La democracia no es un evangelio

Por Arturo González González

La democracia es el mejor sistema político y la culminación de un proceso histórico a la que todos los estados, tarde o temprano, deben llegar. Esta es la premisa del liberalismo político en Occidente que, cuando habla de democracia se refiere casi de forma exclusiva a los sistemas representativos en los que los ciudadanos convertidos en electores eligen, de entre una oferta de partidos políticos, a quienes los representan en los órganos legislativos y ejecutivos. Cualquier otro modelo democrático entra en el terreno de lo sospechoso. Sin embargo, desde el mundo extraoccidental, la democracia se define de otros modos y con otras prácticas que, a los ojos de las potencias liberales, rayan en el autoritarismo o conforman autocracias consumadas. Para quienes no comparten la visión de Washington, Londres, Bruselas et al, la representativa es un tipo de democracia basada en una tradición histórica propia del espacio europeo y americano que no tiene arraigo fuera de ahí y que, por lo tanto, no debe ser vendida como una fórmula para el orbe entero.

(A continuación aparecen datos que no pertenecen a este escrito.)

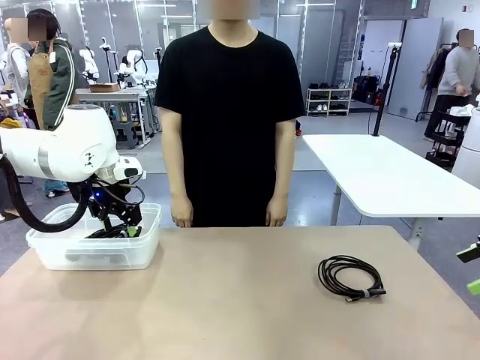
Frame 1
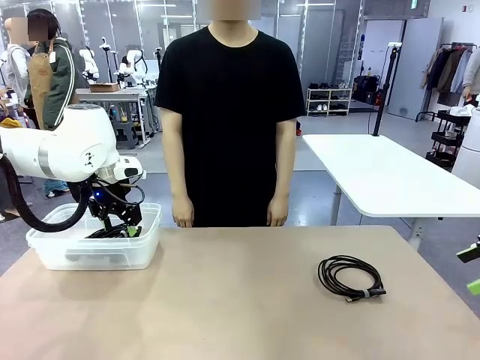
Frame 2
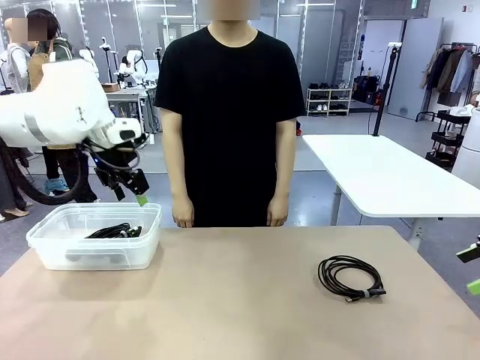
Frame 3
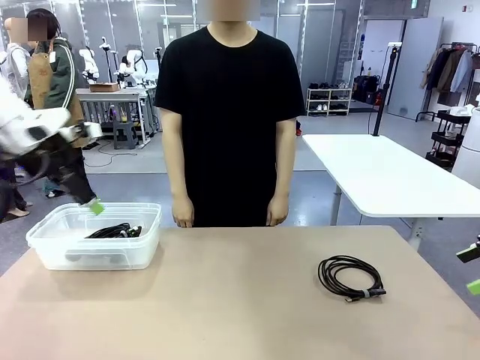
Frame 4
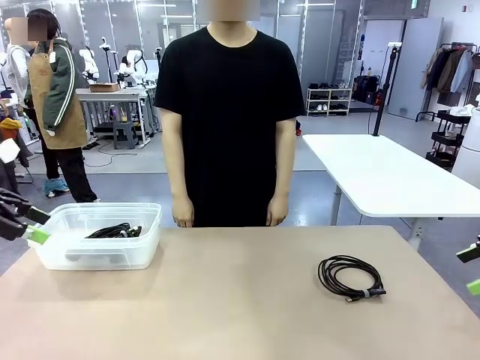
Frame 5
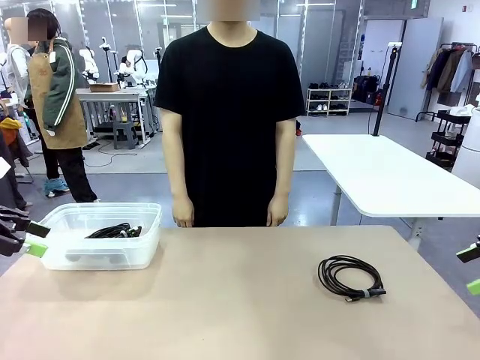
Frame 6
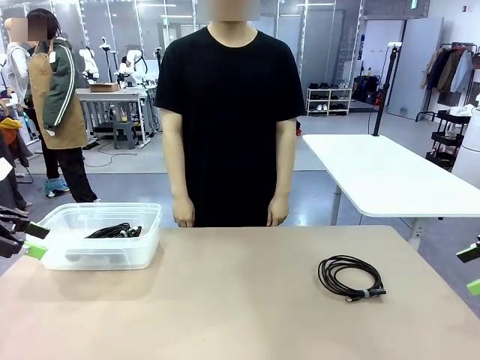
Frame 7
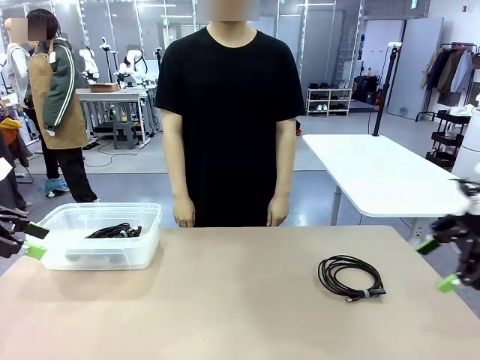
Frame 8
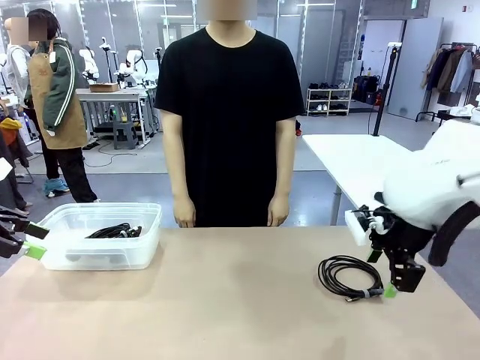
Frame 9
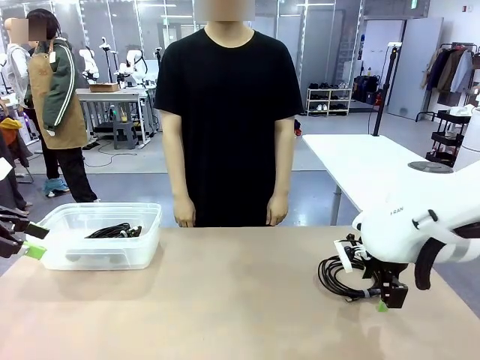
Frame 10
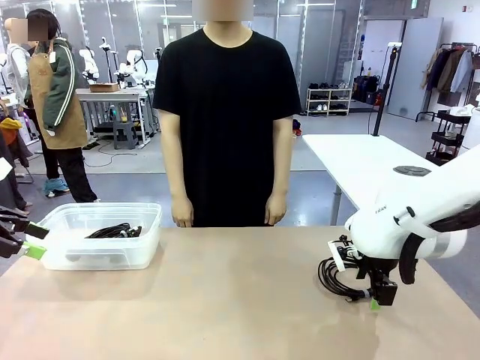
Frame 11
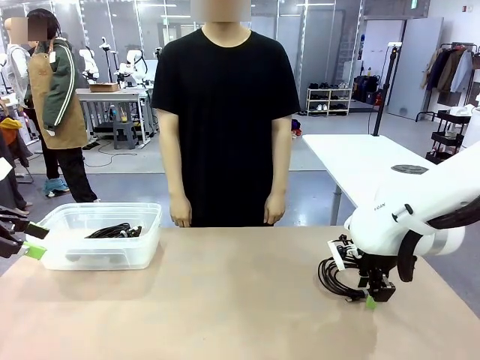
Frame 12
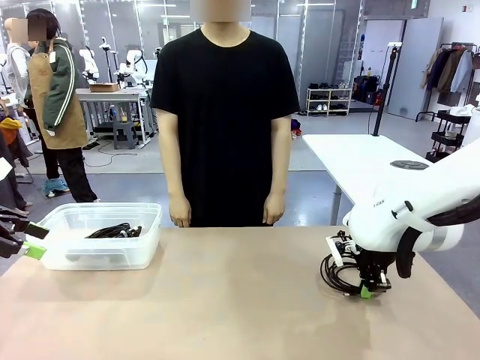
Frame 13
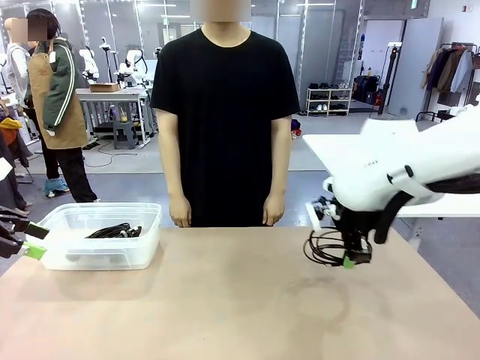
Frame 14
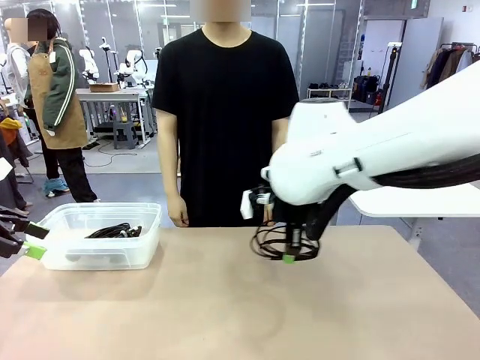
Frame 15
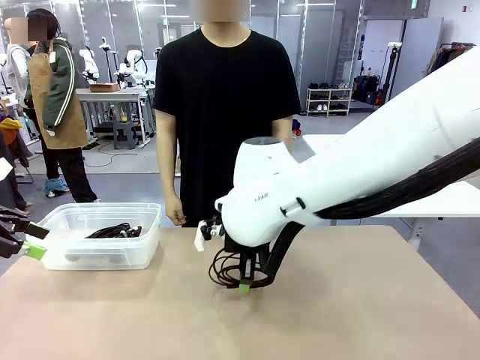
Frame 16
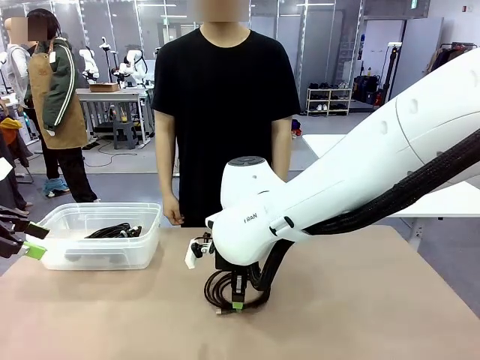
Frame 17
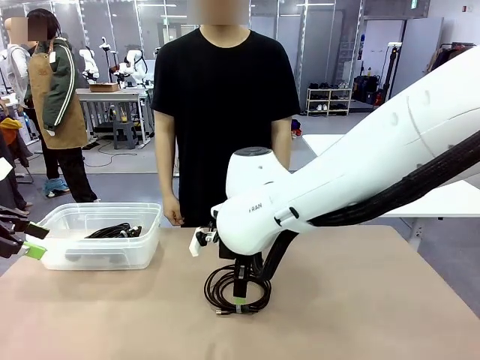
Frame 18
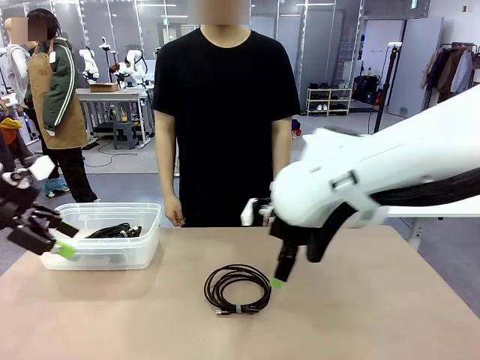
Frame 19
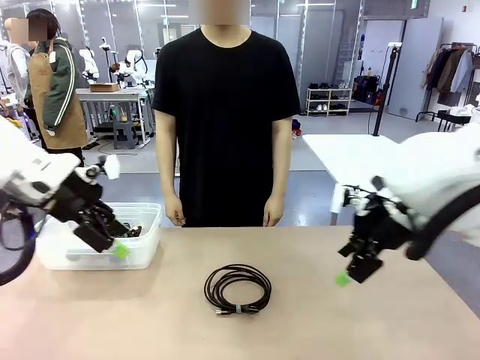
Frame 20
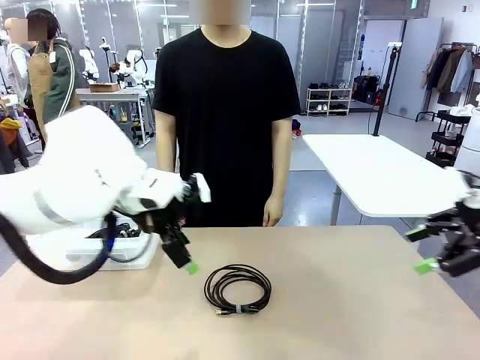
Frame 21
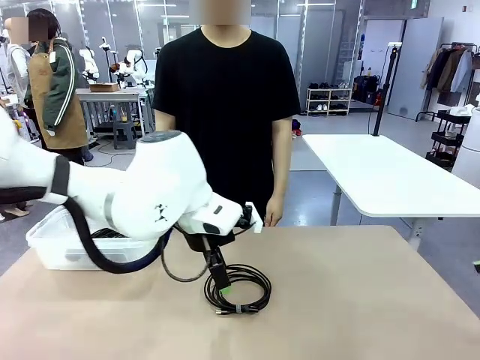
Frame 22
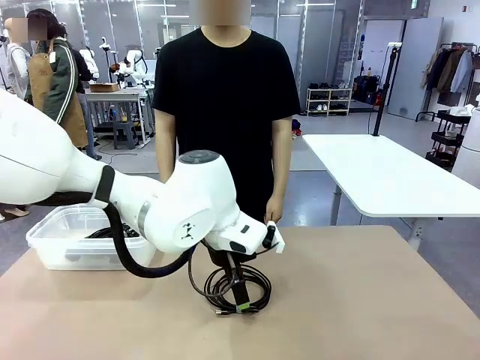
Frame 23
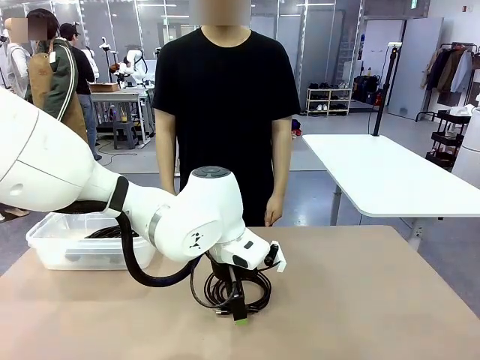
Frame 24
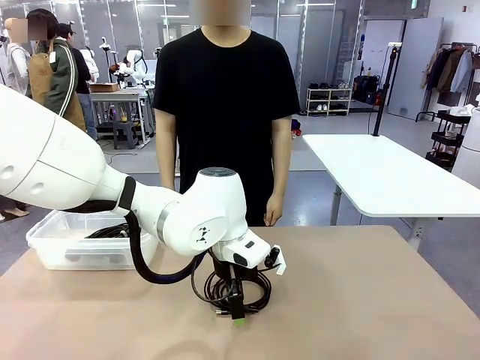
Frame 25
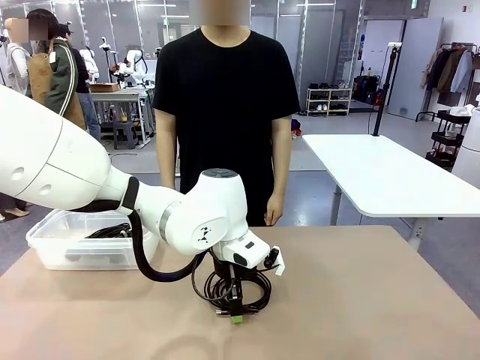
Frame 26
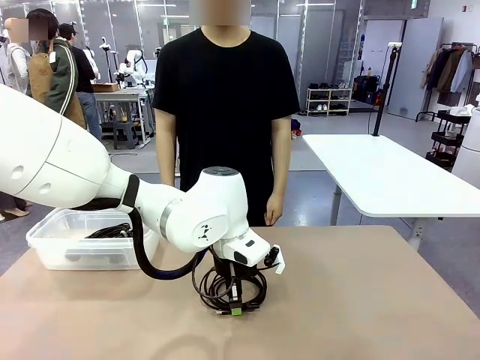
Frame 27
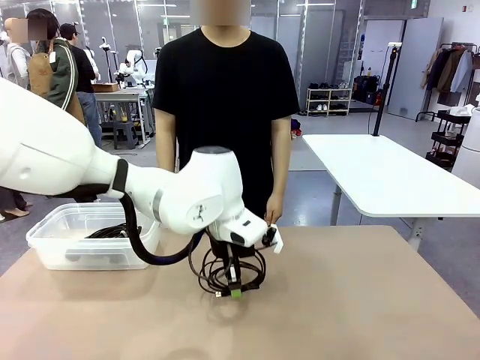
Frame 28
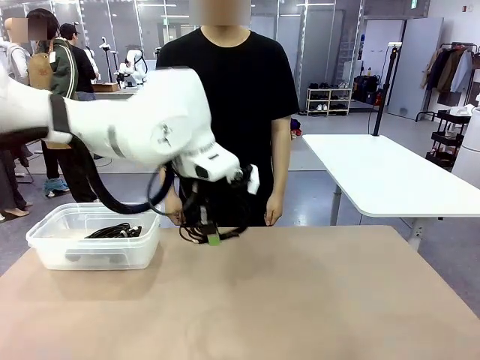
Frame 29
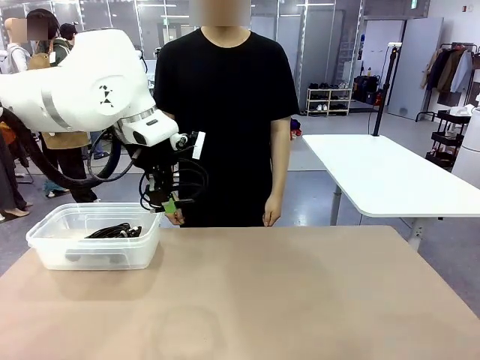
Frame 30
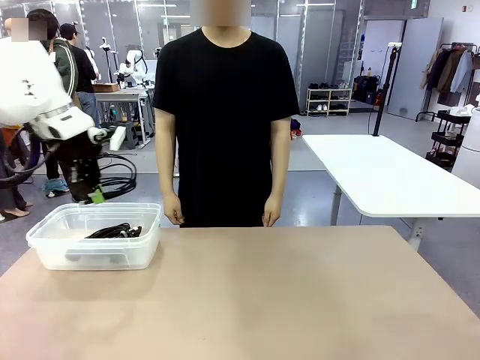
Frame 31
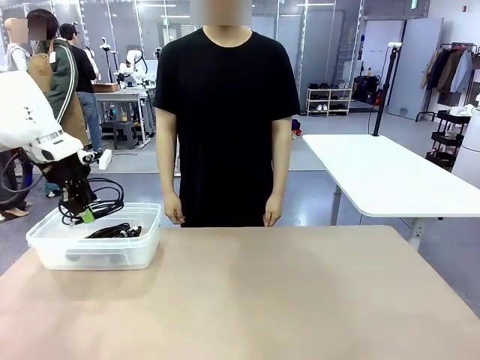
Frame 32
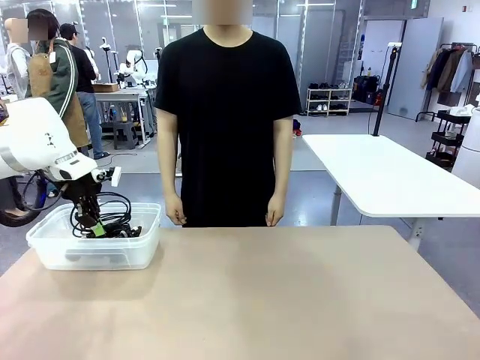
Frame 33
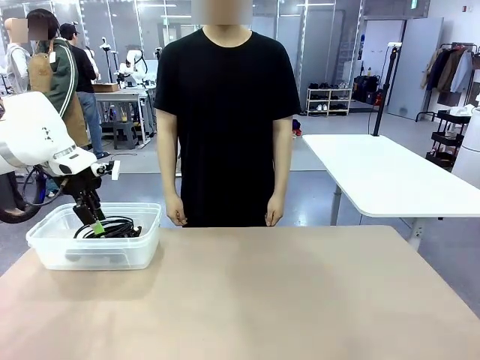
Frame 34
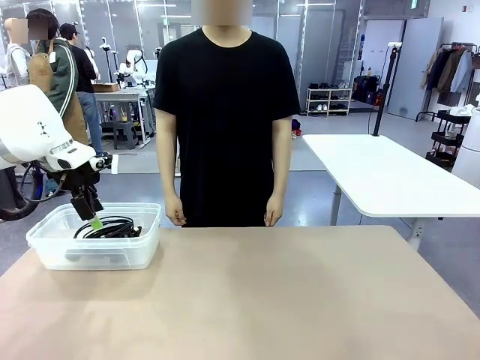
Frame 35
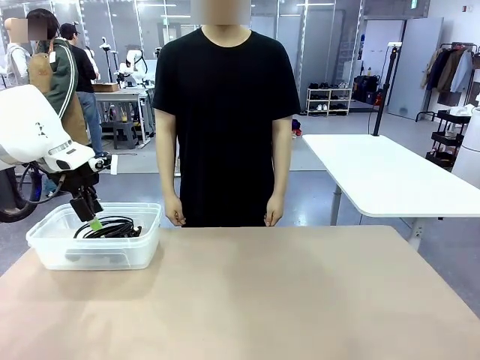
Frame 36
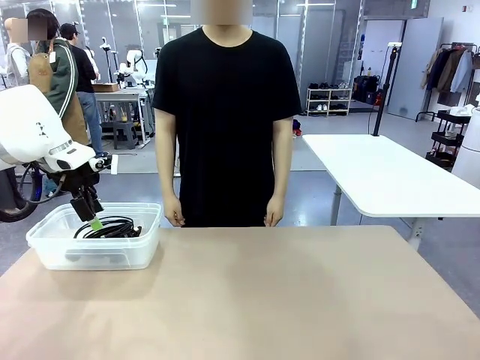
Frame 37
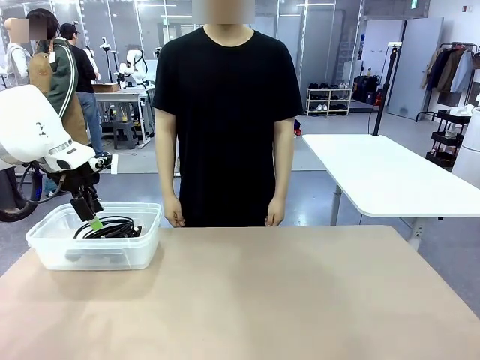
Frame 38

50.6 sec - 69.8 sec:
Task: Organize and store the cables.
Robot: Place the USB Extension Cable into the Organizing box.

Este choque de visiones marca uno de los grandes dilemas de nuestro tiempo: la supervivencia de la democracia, sus límites espaciotemporales y las amenazas que se ciernen sobre ella. Y este fue precisamente el detonante, al menos en el discurso, de la cumbre virtual que el presidente de Estados Unidos, Joseph R. Biden, convocó la semana pasada y a la que sólo invitó a 110 estados con criterios poco claros en su selección. Pero, más allá de la polémica sobre por qué Brasil, Filipinas y Polonia, cuyos gobiernos han emprendido un ataque sistemático contra las instituciones democráticas, fueron invitados, mientras Bolivia, China y Hungría no, aunque se asumen como democracias (iliberales o populares), y sobre la ausencia de resultados de la cumbre, lo importante es revisar los trasfondos geopolíticos que existen en las motivaciones de Biden, la visión que hay detrás de ellas y las deficiencias y contradicciones de la misma. Porque para ningún observador debe pasar desapercibido que mientras Washington ha aislado o asfixiado a regímenes que considera autoritarios, aunque hayan sido electos democráticamente, ha patrocinado dictaduras militares que ejercen abiertamente la represión contra sectores sociales. Tampoco podemos obviar el hecho de que al mismo tiempo que la potencia americana critica la falta de libertad de expresión dentro de China y Rusia, mantiene su persecución contra Julian Assange por revelar secretos de la inteligencia y diplomacia estadounidenses.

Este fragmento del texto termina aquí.